Task to complete » Among the records below, find each line bearing the word "place" and copy it.

Input data »
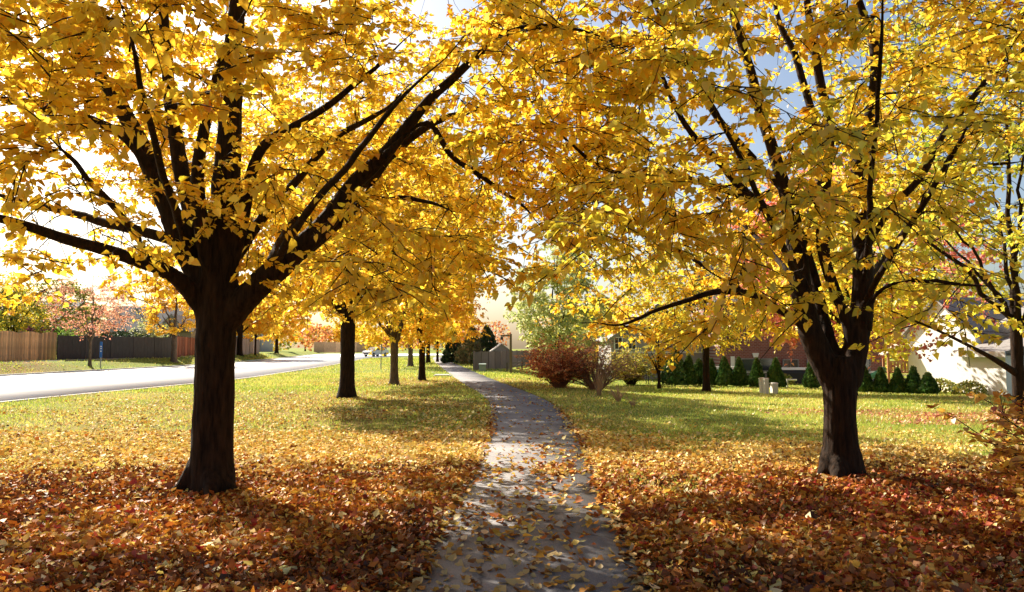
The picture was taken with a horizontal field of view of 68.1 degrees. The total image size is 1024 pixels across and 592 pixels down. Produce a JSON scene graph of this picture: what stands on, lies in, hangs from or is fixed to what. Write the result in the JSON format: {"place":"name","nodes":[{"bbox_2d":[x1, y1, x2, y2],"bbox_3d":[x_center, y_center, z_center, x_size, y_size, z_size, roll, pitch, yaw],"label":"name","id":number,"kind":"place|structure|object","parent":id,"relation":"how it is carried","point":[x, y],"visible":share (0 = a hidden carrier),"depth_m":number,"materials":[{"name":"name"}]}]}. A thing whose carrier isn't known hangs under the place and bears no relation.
{"place":"outdoors","nodes":[
{"label":"outdoors","id":0,"kind":"place"},
{"bbox_2d":[6,356,190,361],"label":"sidewalk","id":1,"kind":"structure","parent":0,"point":[62,360],"depth_m":51.12,"materials":[{"name":"concrete"}]},
{"bbox_2d":[0,354,442,400],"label":"road","id":2,"kind":"structure","parent":0,"point":[18,387],"depth_m":39.49,"materials":[{"name":"asphalt"}]},
{"bbox_2d":[0,356,399,402],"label":"kerb","id":3,"kind":"structure","parent":2,"relation":"on","point":[155,387],"depth_m":28.64,"materials":[{"name":"concrete"}]},
{"bbox_2d":[362,347,388,356],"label":"white car","id":4,"kind":"object","parent":2,"relation":"on","point":[377,352],"visible":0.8,"depth_m":120.05,"materials":[{"name":"white paint"}]},
{"bbox_2d":[0,348,1023,591],"bbox_3d":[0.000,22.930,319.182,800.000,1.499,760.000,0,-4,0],"label":"ground","id":5,"kind":"structure","parent":0,"point":[290,352],"depth_m":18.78,"materials":[{"name":"plant"}]},
{"bbox_2d":[0,271,49,330],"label":"oak tree","id":6,"kind":"object","parent":5,"relation":"on","point":[11,278],"visible":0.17,"depth_m":82.70,"materials":[{"name":"yellow plant"}]},
{"bbox_2d":[0,330,56,361],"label":"plank fence","id":7,"kind":"object","parent":5,"relation":"on","point":[26,346],"visible":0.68,"depth_m":51.74,"materials":[{"name":"brown wood"}]},
{"bbox_2d":[0,281,61,332],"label":"birch tree","id":8,"kind":"object","parent":5,"relation":"on","point":[23,321],"visible":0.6,"depth_m":62.72,"materials":[{"name":"yellow plant"}]},
{"bbox_2d":[21,322,53,333],"bbox_3d":[-38.392,3.551,60.938,2.866,2.972,2.790,2,-4,-22],"label":"plum bush","id":9,"kind":"object","parent":5,"relation":"on","point":[31,328],"visible":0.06,"depth_m":60.84,"materials":[{"name":"black plant"}]},
{"bbox_2d":[1,300,99,335],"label":"blue grey house","id":10,"kind":"structure","parent":5,"relation":"on","point":[70,329],"depth_m":90.14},
{"bbox_2d":[43,322,80,356],"bbox_3d":[-37.957,3.711,63.824,3.956,3.048,3.492,0,-4,0],"label":"green bush","id":11,"kind":"object","parent":5,"relation":"on","point":[63,332],"visible":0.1,"depth_m":63.78,"materials":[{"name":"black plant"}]},
{"bbox_2d":[23,277,105,335],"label":"oak tree","id":12,"kind":"object","parent":5,"relation":"on","point":[78,299],"visible":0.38,"depth_m":71.57,"materials":[{"name":"orange plant"}]},
{"bbox_2d":[33,270,142,366],"bbox_3d":[-29.030,1.500,51.852,6.632,6.814,6.528,0,-4,0],"label":"maple tree","id":13,"kind":"object","parent":5,"relation":"on","point":[91,332],"visible":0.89,"depth_m":51.69,"materials":[{"name":"pink plant"}]},
{"bbox_2d":[99,342,102,367],"bbox_3d":[-28.292,4.152,52.132,0.180,2.009,0.040,0,-4,0],"label":"marker post","id":14,"kind":"object","parent":5,"relation":"on","point":[100,353],"visible":0.93,"depth_m":52.14,"materials":[{"name":"blue"}]},
{"bbox_2d":[57,335,170,359],"bbox_3d":[-30.835,4.211,59.944,0.105,2.110,13.246,-1,-4,11],"label":"panel fence","id":15,"kind":"object","parent":5,"relation":"on","point":[69,347],"visible":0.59,"depth_m":59.07,"materials":[{"name":"wood"}]},
{"bbox_2d":[99,324,153,336],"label":"ivy hedge","id":16,"kind":"object","parent":5,"relation":"on","point":[121,334],"visible":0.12,"depth_m":70.03,"materials":[{"name":"green plant"}]},
{"bbox_2d":[100,306,195,337],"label":"grey house","id":17,"kind":"structure","parent":5,"relation":"on","point":[185,333],"depth_m":91.53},
{"bbox_2d":[130,318,169,336],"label":"pampas bush","id":18,"kind":"object","parent":5,"relation":"on","point":[143,326],"visible":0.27,"depth_m":73.55,"materials":[{"name":"plant"}]},
{"bbox_2d":[118,282,181,333],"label":"maple tree","id":19,"kind":"object","parent":5,"relation":"on","point":[141,310],"visible":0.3,"depth_m":79.03,"materials":[{"name":"yellow plant"}]},
{"bbox_2d":[0,354,313,375],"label":"kerb","id":20,"kind":"structure","parent":5,"relation":"on","point":[120,368],"depth_m":50.78,"materials":[{"name":"concrete"}]},
{"bbox_2d":[133,275,195,362],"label":"linden tree","id":21,"kind":"object","parent":5,"relation":"on","point":[173,331],"visible":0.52,"depth_m":63.57,"materials":[{"name":"orange plant"}]},
{"bbox_2d":[177,336,194,357],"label":"panel fence","id":22,"kind":"object","parent":5,"relation":"on","point":[185,346],"visible":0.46,"depth_m":74.10,"materials":[{"name":"wood"}]},
{"bbox_2d":[182,306,272,351],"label":"lilac house","id":23,"kind":"structure","parent":5,"relation":"on","point":[266,346],"depth_m":138.83,"materials":[{"name":"grey"}]},
{"bbox_2d":[235,338,259,354],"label":"panel fence","id":24,"kind":"object","parent":5,"relation":"on","point":[247,346],"visible":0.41,"depth_m":94.95,"materials":[{"name":"wood"}]},
{"bbox_2d":[236,273,288,355],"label":"maple tree","id":25,"kind":"object","parent":5,"relation":"on","point":[249,322],"visible":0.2,"depth_m":88.28,"materials":[{"name":"yellow plant"}]},
{"bbox_2d":[236,280,293,355],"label":"maple tree","id":26,"kind":"object","parent":5,"relation":"on","point":[276,330],"visible":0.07,"depth_m":95.96,"materials":[{"name":"yellow plant"}]},
{"bbox_2d":[254,300,312,352],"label":"maple tree","id":27,"kind":"object","parent":5,"relation":"on","point":[290,332],"visible":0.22,"depth_m":117.03,"materials":[{"name":"orange plant"}]},
{"bbox_2d":[291,323,321,350],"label":"maple tree","id":28,"kind":"object","parent":5,"relation":"on","point":[310,335],"visible":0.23,"depth_m":250.79,"materials":[{"name":"orange plant"}]},
{"bbox_2d":[317,325,340,341],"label":"maple tree","id":29,"kind":"object","parent":5,"relation":"on","point":[337,332],"visible":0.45,"depth_m":273.20,"materials":[{"name":"orange plant"}]},
{"bbox_2d":[314,342,366,353],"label":"panel fence","id":30,"kind":"object","parent":5,"relation":"on","point":[329,347],"visible":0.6,"depth_m":166.85,"materials":[{"name":"brown wood"}]},
{"bbox_2d":[183,53,519,398],"bbox_3d":[-4.909,-2.102,24.612,10.342,11.020,10.121,0,-4,0],"label":"linden tree","id":31,"kind":"object","parent":5,"relation":"on","point":[346,389],"visible":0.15,"depth_m":23.50,"materials":[{"name":"yellow plant"}]},
{"bbox_2d":[0,0,776,496],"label":"linden tree","id":32,"kind":"object","parent":5,"relation":"on","point":[210,242],"visible":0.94,"depth_m":7.91,"materials":[{"name":"yellow plant"}]},
{"bbox_2d":[303,126,496,384],"bbox_3d":[-5.168,-1.732,32.412,8.500,11.318,8.413,4,-5,-43],"label":"linden tree","id":33,"kind":"object","parent":5,"relation":"on","point":[393,334],"visible":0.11,"depth_m":32.06,"materials":[{"name":"yellow plant"}]},
{"bbox_2d":[375,271,477,366],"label":"linden tree","id":34,"kind":"object","parent":5,"relation":"on","point":[410,357],"depth_m":60.35,"materials":[{"name":"yellow plant"}]},
{"bbox_2d":[398,254,478,362],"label":"linden tree","id":35,"kind":"object","parent":5,"relation":"on","point":[427,355],"visible":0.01,"depth_m":73.61,"materials":[{"name":"yellow plant"}]},
{"bbox_2d":[380,151,506,380],"bbox_3d":[-4.036,-1.631,36.200,8.498,11.618,7.793,3,-5,-40],"label":"linden tree","id":36,"kind":"object","parent":5,"relation":"on","point":[422,373],"visible":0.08,"depth_m":35.93,"materials":[{"name":"yellow plant"}]},
{"bbox_2d":[440,331,460,362],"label":"arborvitae","id":37,"kind":"object","parent":5,"relation":"on","point":[447,356],"visible":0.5,"depth_m":71.39,"materials":[{"name":"green plant"}]},
{"bbox_2d":[430,301,480,348],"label":"linden tree","id":38,"kind":"object","parent":5,"relation":"on","point":[458,332],"visible":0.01,"depth_m":96.75,"materials":[{"name":"yellow plant"}]},
{"bbox_2d":[430,290,481,361],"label":"linden tree","id":39,"kind":"object","parent":5,"relation":"on","point":[437,353],"visible":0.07,"depth_m":79.51,"materials":[{"name":"yellow plant"}]},
{"bbox_2d":[453,326,485,364],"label":"spruce tree","id":40,"kind":"object","parent":5,"relation":"on","point":[464,355],"visible":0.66,"depth_m":65.10,"materials":[{"name":"green plant"}]},
{"bbox_2d":[479,363,485,370],"bbox_3d":[-1.928,4.693,49.559,0.470,0.570,0.480,0,-4,0],"label":"utility box","id":41,"kind":"object","parent":5,"relation":"on","point":[482,366],"visible":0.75,"depth_m":49.36,"materials":[{"name":"green"}]},
{"bbox_2d":[479,324,498,351],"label":"spruce tree","id":42,"kind":"object","parent":5,"relation":"on","point":[489,345],"visible":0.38,"depth_m":71.51,"materials":[{"name":"green plant"}]},
{"bbox_2d":[489,343,509,368],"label":"garden shed","id":43,"kind":"structure","parent":5,"relation":"on","point":[500,347],"depth_m":65.85,"materials":[{"name":"grey"}]},
{"bbox_2d":[473,350,534,370],"bbox_3d":[-0.013,5.282,62.485,0.105,1.610,23.173,-1,-4,13],"label":"board fence","id":44,"kind":"object","parent":5,"relation":"on","point":[496,359],"visible":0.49,"depth_m":57.66,"materials":[{"name":"wood"}]},
{"bbox_2d":[500,334,511,373],"bbox_3d":[-0.365,3.640,46.403,0.720,2.640,0.190,0,-4,0],"label":"lamp post","id":45,"kind":"object","parent":5,"relation":"on","point":[510,335],"visible":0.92,"depth_m":46.36,"materials":[{"name":"black"}]},
{"bbox_2d":[0,427,1023,588],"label":"leaf litter","id":46,"kind":"object","parent":5,"relation":"on","point":[140,517],"visible":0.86,"depth_m":7.25,"materials":[{"name":"plant"}]},
{"bbox_2d":[0,361,1023,464],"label":"leaf litter","id":47,"kind":"object","parent":5,"relation":"on","point":[242,424],"visible":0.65,"depth_m":15.57,"materials":[{"name":"plant"}]},
{"bbox_2d":[0,570,1023,591],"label":"leaf litter","id":48,"kind":"object","parent":5,"relation":"on","point":[292,584],"visible":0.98,"depth_m":4.97,"materials":[{"name":"plant"}]},
{"bbox_2d":[506,359,530,371],"bbox_3d":[0.818,5.537,60.643,0.100,0.820,19.166,0,-4,7],"label":"rail fence","id":49,"kind":"object","parent":5,"relation":"on","point":[507,367],"visible":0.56,"depth_m":55.85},
{"bbox_2d":[503,243,614,363],"bbox_3d":[2.716,0.931,47.519,6.335,9.017,6.344,4,-5,-43],"label":"willow tree","id":50,"kind":"object","parent":5,"relation":"on","point":[560,326],"visible":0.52,"depth_m":46.55,"materials":[{"name":"green plant"}]},
{"bbox_2d":[514,333,603,388],"bbox_3d":[1.839,2.590,29.547,3.577,2.340,3.579,0,-4,0],"label":"burning bush","id":51,"kind":"object","parent":5,"relation":"on","point":[544,365],"visible":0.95,"depth_m":29.08,"materials":[{"name":"brown plant"}]},
{"bbox_2d":[97,284,1023,369],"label":"distant woods","id":52,"kind":"object","parent":5,"relation":"on","point":[377,344],"visible":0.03,"depth_m":200.78,"materials":[{"name":"plant"}]},
{"bbox_2d":[551,332,647,389],"bbox_3d":[3.262,2.544,29.454,3.833,2.330,3.593,-2,-4,28],"label":"twiggy bush","id":53,"kind":"object","parent":5,"relation":"on","point":[607,368],"visible":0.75,"depth_m":29.32,"materials":[{"name":"brown plant"}]},
{"bbox_2d":[591,368,607,395],"bbox_3d":[2.869,2.811,25.009,0.680,1.000,0.739,0,-4,0],"label":"dry grass clump","id":54,"kind":"object","parent":5,"relation":"on","point":[599,386],"visible":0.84,"depth_m":24.97,"materials":[{"name":"beige"}]},
{"bbox_2d":[608,385,625,401],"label":"dry grass clump","id":55,"kind":"object","parent":5,"relation":"on","point":[619,397],"visible":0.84,"depth_m":22.35,"materials":[{"name":"beige"}]},
{"bbox_2d":[598,347,664,384],"bbox_3d":[7.510,4.435,47.985,4.173,2.400,4.441,4,-5,-43],"label":"green bush","id":56,"kind":"object","parent":5,"relation":"on","point":[641,368],"visible":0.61,"depth_m":47.53,"materials":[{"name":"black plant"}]},
{"bbox_2d":[625,396,640,406],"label":"dry grass clump","id":57,"kind":"object","parent":5,"relation":"on","point":[632,403],"visible":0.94,"depth_m":20.52,"materials":[{"name":"beige"}]},
{"bbox_2d":[596,304,702,378],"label":"grey house","id":58,"kind":"structure","parent":5,"relation":"on","point":[615,346],"depth_m":55.87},
{"bbox_2d":[614,337,622,349],"bbox_3d":[7.850,3.494,55.866,0.640,0.940,0.080,0,-4,0],"label":"window","id":59,"kind":"structure","parent":58,"relation":"in","point":[616,345],"depth_m":55.86,"materials":[{"name":"white"}]},
{"bbox_2d":[628,337,636,349],"bbox_3d":[8.850,3.494,55.866,0.640,0.940,0.080,0,-4,0],"label":"window","id":60,"kind":"structure","parent":58,"relation":"in","point":[632,346],"depth_m":55.85,"materials":[{"name":"white"}]},
{"bbox_2d":[640,313,676,389],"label":"orange tree","id":61,"kind":"object","parent":5,"relation":"on","point":[658,365],"visible":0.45,"depth_m":42.69,"materials":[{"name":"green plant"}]},
{"bbox_2d":[660,345,687,385],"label":"arborvitae","id":62,"kind":"object","parent":5,"relation":"on","point":[669,378],"visible":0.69,"depth_m":46.05,"materials":[{"name":"green plant"}]},
{"bbox_2d":[676,354,699,385],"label":"arborvitae","id":63,"kind":"object","parent":5,"relation":"on","point":[691,372],"visible":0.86,"depth_m":46.19,"materials":[{"name":"green plant"}]},
{"bbox_2d":[613,211,783,391],"bbox_3d":[10.123,0.077,40.345,9.552,10.350,10.341,0,-4,0],"label":"linden tree","id":64,"kind":"object","parent":5,"relation":"on","point":[706,385],"visible":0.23,"depth_m":39.26,"materials":[{"name":"yellow plant"}]},
{"bbox_2d":[694,358,702,385],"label":"arborvitae","id":65,"kind":"object","parent":5,"relation":"on","point":[698,364],"visible":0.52,"depth_m":47.17,"materials":[{"name":"green plant"}]},
{"bbox_2d":[702,358,717,385],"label":"arborvitae","id":66,"kind":"object","parent":5,"relation":"on","point":[713,373],"visible":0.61,"depth_m":46.23,"materials":[{"name":"green plant"}]},
{"bbox_2d":[715,355,735,385],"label":"arborvitae","id":67,"kind":"object","parent":5,"relation":"on","point":[725,376],"visible":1,"depth_m":45.30,"materials":[{"name":"green plant"}]},
{"bbox_2d":[432,0,1023,477],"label":"linden tree","id":68,"kind":"object","parent":5,"relation":"on","point":[800,220],"visible":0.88,"depth_m":7.78,"materials":[{"name":"yellow plant"}]},
{"bbox_2d":[733,356,748,386],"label":"arborvitae","id":69,"kind":"object","parent":5,"relation":"on","point":[741,376],"visible":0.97,"depth_m":45.30,"materials":[{"name":"green plant"}]},
{"bbox_2d":[748,357,765,387],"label":"arborvitae","id":70,"kind":"object","parent":5,"relation":"on","point":[756,372],"visible":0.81,"depth_m":44.45,"materials":[{"name":"green plant"}]},
{"bbox_2d":[758,377,763,392],"bbox_3d":[12.652,4.561,38.328,0.254,0.878,0.254,-2,-3,-9],"label":"utility pedestal","id":71,"kind":"object","parent":5,"relation":"on","point":[760,385],"visible":0.49,"depth_m":38.24,"materials":[{"name":"paint"}]},
{"bbox_2d":[762,378,768,393],"bbox_3d":[12.687,4.524,37.853,0.238,0.869,0.238,-1,-4,-9],"label":"utility pedestal","id":72,"kind":"object","parent":5,"relation":"on","point":[766,385],"visible":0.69,"depth_m":37.76,"materials":[{"name":"paint"}]},
{"bbox_2d":[769,382,777,393],"bbox_3d":[13.252,4.685,38.323,0.330,0.629,0.330,1,-4,-9],"label":"utility pedestal","id":73,"kind":"object","parent":5,"relation":"on","point":[773,387],"visible":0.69,"depth_m":38.19,"materials":[{"name":"paint"}]},
{"bbox_2d":[767,357,786,386],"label":"arborvitae","id":74,"kind":"object","parent":5,"relation":"on","point":[775,373],"visible":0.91,"depth_m":43.93,"materials":[{"name":"green plant"}]},
{"bbox_2d":[684,259,883,380],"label":"brick house","id":75,"kind":"structure","parent":5,"relation":"on","point":[757,347],"depth_m":51.86,"materials":[{"name":"red"}]},
{"bbox_2d":[735,358,772,370],"bbox_3d":[16.625,4.696,51.717,2.790,0.890,0.080,0,-4,0],"label":"window","id":76,"kind":"structure","parent":75,"relation":"in","point":[765,363],"depth_m":51.73,"materials":[{"name":"grey glass"}]},
{"bbox_2d":[782,359,798,366],"bbox_3d":[19.025,4.971,51.699,1.090,1.340,0.080,0,-4,0],"label":"window","id":77,"kind":"structure","parent":75,"relation":"in","point":[785,361],"depth_m":51.73,"materials":[{"name":"grey glass"}]},
{"bbox_2d":[866,357,870,370],"bbox_3d":[23.900,4.621,51.722,1.140,1.040,0.080,0,-4,0],"label":"window","id":78,"kind":"structure","parent":75,"relation":"in","point":[868,363],"depth_m":51.72,"materials":[{"name":"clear glass"}]},
{"bbox_2d":[784,374,795,384],"bbox_3d":[17.291,5.328,48.652,1.748,0.833,1.577,0,-4,0],"label":"bench","id":79,"kind":"object","parent":5,"relation":"on","point":[789,377],"visible":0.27,"depth_m":48.19,"materials":[{"name":"brown wood"}]},
{"bbox_2d":[781,367,806,383],"bbox_3d":[18.200,5.184,49.365,2.200,1.064,0.660,0,-4,0],"label":"patio box","id":80,"kind":"object","parent":5,"relation":"on","point":[797,373],"visible":0.27,"depth_m":49.07,"materials":[{"name":"black"}]},
{"bbox_2d":[801,361,820,388],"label":"arborvitae","id":81,"kind":"object","parent":5,"relation":"on","point":[810,380],"visible":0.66,"depth_m":43.09,"materials":[{"name":"green plant"}]},
{"bbox_2d":[699,156,1009,372],"bbox_3d":[15.887,-0.914,35.962,13.268,11.567,13.023,4,-5,-44],"label":"maple tree","id":82,"kind":"object","parent":5,"relation":"on","point":[792,341],"visible":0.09,"depth_m":34.78,"materials":[{"name":"yellow plant"}]},
{"bbox_2d":[858,365,872,391],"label":"arborvitae","id":83,"kind":"object","parent":5,"relation":"on","point":[867,384],"visible":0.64,"depth_m":38.94,"materials":[{"name":"green plant"}]},
{"bbox_2d":[871,366,888,392],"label":"arborvitae","id":84,"kind":"object","parent":5,"relation":"on","point":[880,382],"visible":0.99,"depth_m":38.57,"materials":[{"name":"green plant"}]},
{"bbox_2d":[766,173,1011,362],"bbox_3d":[13.380,-0.179,28.609,7.482,8.612,7.084,0,-4,0],"label":"linden tree","id":85,"kind":"object","parent":5,"relation":"on","point":[847,295],"visible":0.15,"depth_m":27.42,"materials":[{"name":"yellow plant"}]},
{"bbox_2d":[871,344,910,381],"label":"play tower","id":86,"kind":"structure","parent":5,"relation":"on","point":[889,365],"depth_m":42.86,"materials":[{"name":"brown wood"}]},
{"bbox_2d":[887,367,904,392],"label":"arborvitae","id":87,"kind":"object","parent":5,"relation":"on","point":[896,383],"visible":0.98,"depth_m":38.15,"materials":[{"name":"green plant"}]},
{"bbox_2d":[902,365,920,393],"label":"arborvitae","id":88,"kind":"object","parent":5,"relation":"on","point":[910,384],"visible":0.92,"depth_m":37.71,"materials":[{"name":"green plant"}]},
{"bbox_2d":[801,0,1023,418],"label":"maple tree","id":89,"kind":"object","parent":5,"relation":"on","point":[1012,314],"visible":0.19,"depth_m":16.80,"materials":[{"name":"yellow plant"}]},
{"bbox_2d":[916,371,939,393],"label":"arborvitae","id":90,"kind":"object","parent":5,"relation":"on","point":[927,383],"visible":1,"depth_m":37.11,"materials":[{"name":"green plant"}]},
{"bbox_2d":[935,377,956,393],"bbox_3d":[21.832,4.583,38.561,1.897,0.933,1.791,0,-4,0],"label":"clipped bush","id":91,"kind":"object","parent":5,"relation":"on","point":[941,382],"visible":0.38,"depth_m":38.19,"materials":[{"name":"green plant"}]},
{"bbox_2d":[873,191,1023,332],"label":"maple tree","id":92,"kind":"object","parent":5,"relation":"on","point":[987,291],"visible":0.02,"depth_m":48.93,"materials":[{"name":"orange plant"}]},
{"bbox_2d":[901,297,1023,395],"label":"white house","id":93,"kind":"structure","parent":5,"relation":"on","point":[951,364],"depth_m":38.95,"materials":[{"name":"paint"}]},
{"bbox_2d":[951,380,988,394],"bbox_3d":[21.996,4.442,36.490,1.716,0.883,1.534,0,-4,0],"label":"clipped bush","id":94,"kind":"object","parent":5,"relation":"on","point":[966,386],"visible":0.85,"depth_m":36.25,"materials":[{"name":"green plant"}]},
{"bbox_2d":[926,386,1023,521],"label":"edge shrub","id":95,"kind":"object","parent":5,"relation":"on","point":[1015,463],"visible":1,"depth_m":6.71,"materials":[{"name":"orange plant"}]},
{"bbox_2d":[0,0,1023,348],"label":"sky","id":96,"kind":"structure","parent":0,"point":[495,311],"materials":[{"name":"white"}]},
{"bbox_2d":[399,357,653,591],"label":"path","id":97,"kind":"structure","parent":0,"point":[595,575],"depth_m":7.21,"materials":[{"name":"concrete"}]},
{"bbox_2d":[409,580,420,587],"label":"fallen leaf","id":98,"kind":"object","parent":97,"relation":"on","point":[415,582],"visible":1,"depth_m":5.07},
{"bbox_2d":[412,577,422,584],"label":"fallen leaf","id":99,"kind":"object","parent":98,"relation":"on","point":[420,579],"visible":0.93,"depth_m":5.12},
{"bbox_2d":[448,553,456,560],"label":"fallen leaf","id":100,"kind":"object","parent":97,"relation":"on","point":[452,557],"visible":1,"depth_m":5.68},
{"bbox_2d":[451,549,463,554],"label":"fallen leaf","id":101,"kind":"object","parent":97,"relation":"on","point":[458,552],"visible":0.86,"depth_m":5.91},
{"bbox_2d":[455,559,463,565],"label":"fallen leaf","id":102,"kind":"object","parent":97,"relation":"on","point":[460,563],"visible":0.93,"depth_m":5.61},
{"bbox_2d":[505,578,516,585],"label":"fallen leaf","id":103,"kind":"object","parent":97,"relation":"on","point":[510,581],"visible":1,"depth_m":5.12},
{"bbox_2d":[511,559,521,564],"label":"fallen leaf","id":104,"kind":"object","parent":97,"relation":"on","point":[516,563],"visible":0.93,"depth_m":5.64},
{"bbox_2d":[384,387,668,591],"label":"leaf litter","id":105,"kind":"object","parent":97,"relation":"on","point":[630,541],"visible":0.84,"depth_m":7.69,"materials":[{"name":"plant"}]},
{"bbox_2d":[533,583,541,590],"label":"fallen leaf","id":106,"kind":"object","parent":97,"relation":"on","point":[535,585],"visible":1,"depth_m":5.04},
{"bbox_2d":[550,565,559,571],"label":"fallen leaf","id":107,"kind":"object","parent":97,"relation":"on","point":[554,569],"visible":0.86,"depth_m":5.43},
{"bbox_2d":[560,564,570,570],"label":"fallen leaf","id":108,"kind":"object","parent":97,"relation":"on","point":[563,567],"visible":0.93,"depth_m":5.46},
{"bbox_2d":[570,574,580,578],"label":"fallen leaf","id":109,"kind":"object","parent":97,"relation":"on","point":[576,576],"visible":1,"depth_m":5.24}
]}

Exercise result »
The picture was taken with a horizontal field of view of 68.1 degrees. The total image size is 1024 pixels across and 592 pixels down. Produce a JSON scene graph of this picture: what stands on, lies in, hangs from or is fixed to what. Write the result in the JSON format: {"place":"name","nodes":[{"bbox_2d":[x1, y1, x2, y2],"bbox_3d":[x_center, y_center, z_center, x_size, y_size, z_size, roll, pitch, yaw],"label":"name","id":number,"kind":"place|structure|object","parent":id,"relation":"how it is carried","point":[x, y],"visible":share (0 = a hidden carrier),"depth_m":number,"materials":[{"name":"name"}]}]}. A thing whose carrier isn't known hangs under the place and bears no relation.
{"place":"outdoors","nodes":[
{"label":"outdoors","id":0,"kind":"place"},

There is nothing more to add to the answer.